- [WHAT THIS TASK INVOLVES]: All of the entries must be reproduced exactly, with no images carried over.

==== DATA SHOWN ====

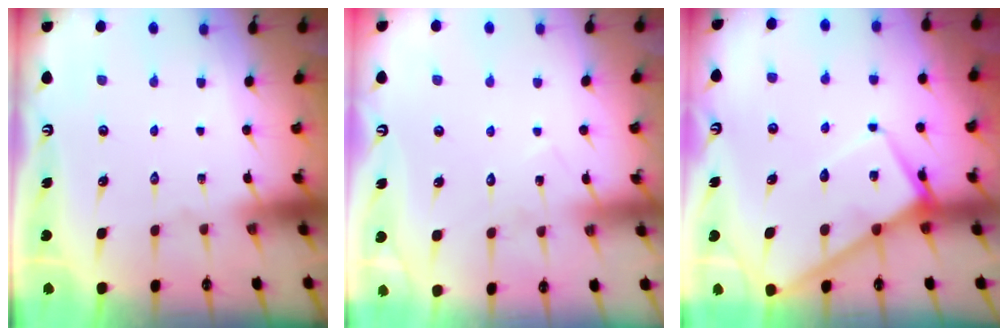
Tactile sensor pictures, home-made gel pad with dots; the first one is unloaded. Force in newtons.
{"total": 6.2, "press": 6.2, "slide": 0.3}
{"total": 7.4, "press": 7.4, "slide": 0.8}
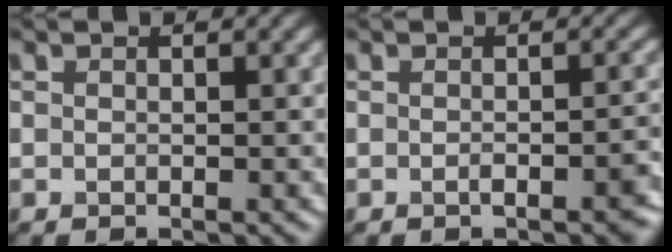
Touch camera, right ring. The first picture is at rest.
{"total": 2.7, "force": [-1.1, 0.8, 2.3], "torque": [-0.026, 0.005, -0.017]}
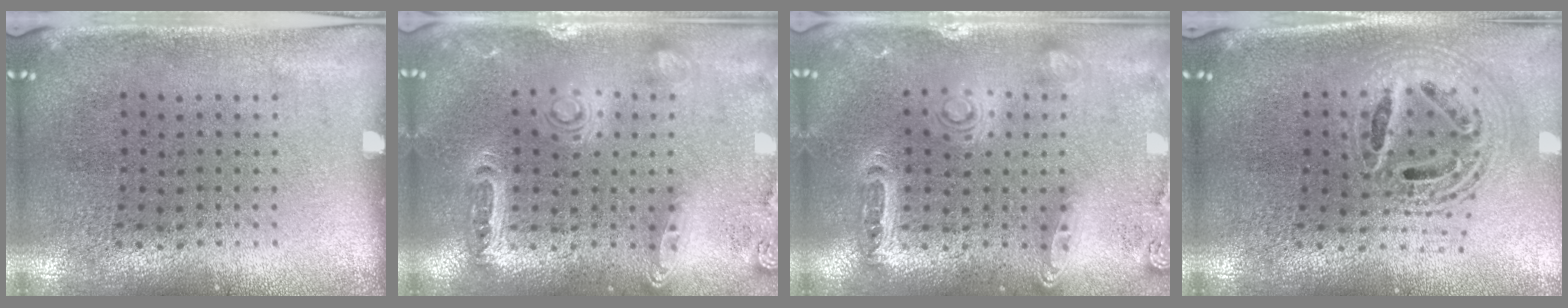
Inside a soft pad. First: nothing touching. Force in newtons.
{"total": 1.4, "press": 1.4, "slide": 0.4}
{"total": 1.4, "press": 1.4, "slide": 0.3}
{"total": 2.2, "press": 1.7, "slide": 1.4}
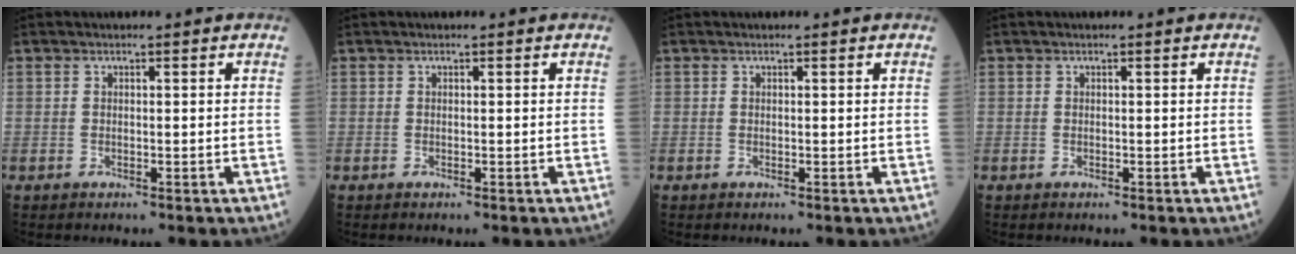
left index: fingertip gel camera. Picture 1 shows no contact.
{"total": 0.0}
{"total": 0.0}
{"total": 0.0}
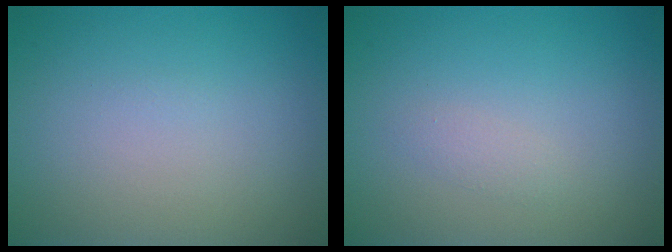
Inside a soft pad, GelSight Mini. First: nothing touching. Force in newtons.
{"total": 0.8, "press": 0.8, "slide": 0.0}
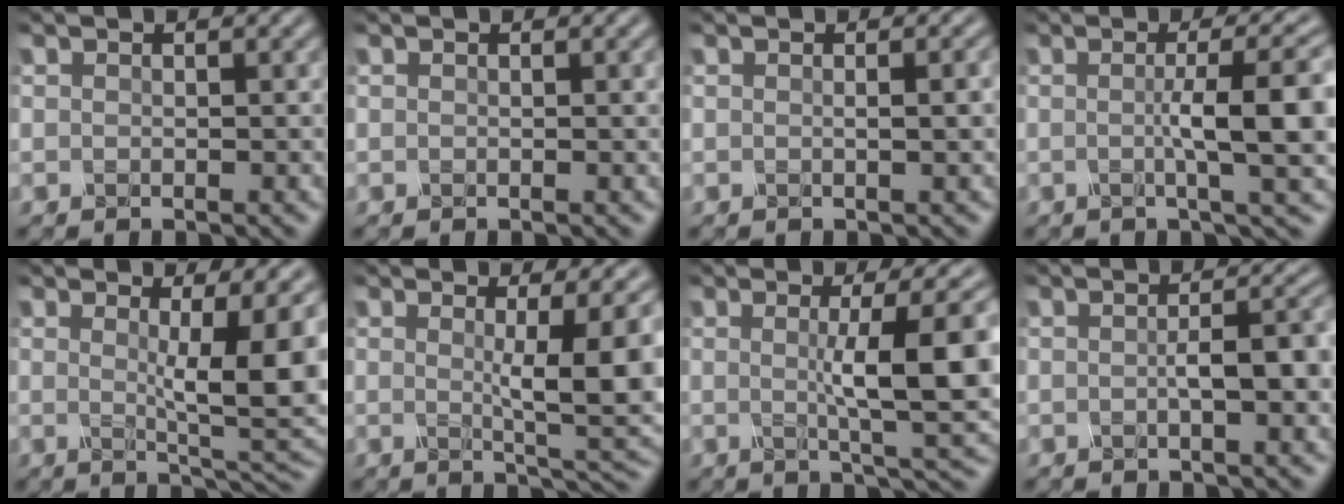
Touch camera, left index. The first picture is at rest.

====

- [OUTPUT]:
Tactile sensor pictures, home-made gel pad with dots; the first one is unloaded. Force in newtons.
{"total": 6.2, "press": 6.2, "slide": 0.3}
{"total": 7.4, "press": 7.4, "slide": 0.8}
Touch camera, right ring. The first picture is at rest.
{"total": 2.7, "force": [-1.1, 0.8, 2.3], "torque": [-0.026, 0.005, -0.017]}
Inside a soft pad. First: nothing touching. Force in newtons.
{"total": 1.4, "press": 1.4, "slide": 0.4}
{"total": 1.4, "press": 1.4, "slide": 0.3}
{"total": 2.2, "press": 1.7, "slide": 1.4}
left index: fingertip gel camera. Picture 1 shows no contact.
{"total": 0.0}
{"total": 0.0}
{"total": 0.0}
Inside a soft pad, GelSight Mini. First: nothing touching. Force in newtons.
{"total": 0.8, "press": 0.8, "slide": 0.0}
Touch camera, left index. The first picture is at rest.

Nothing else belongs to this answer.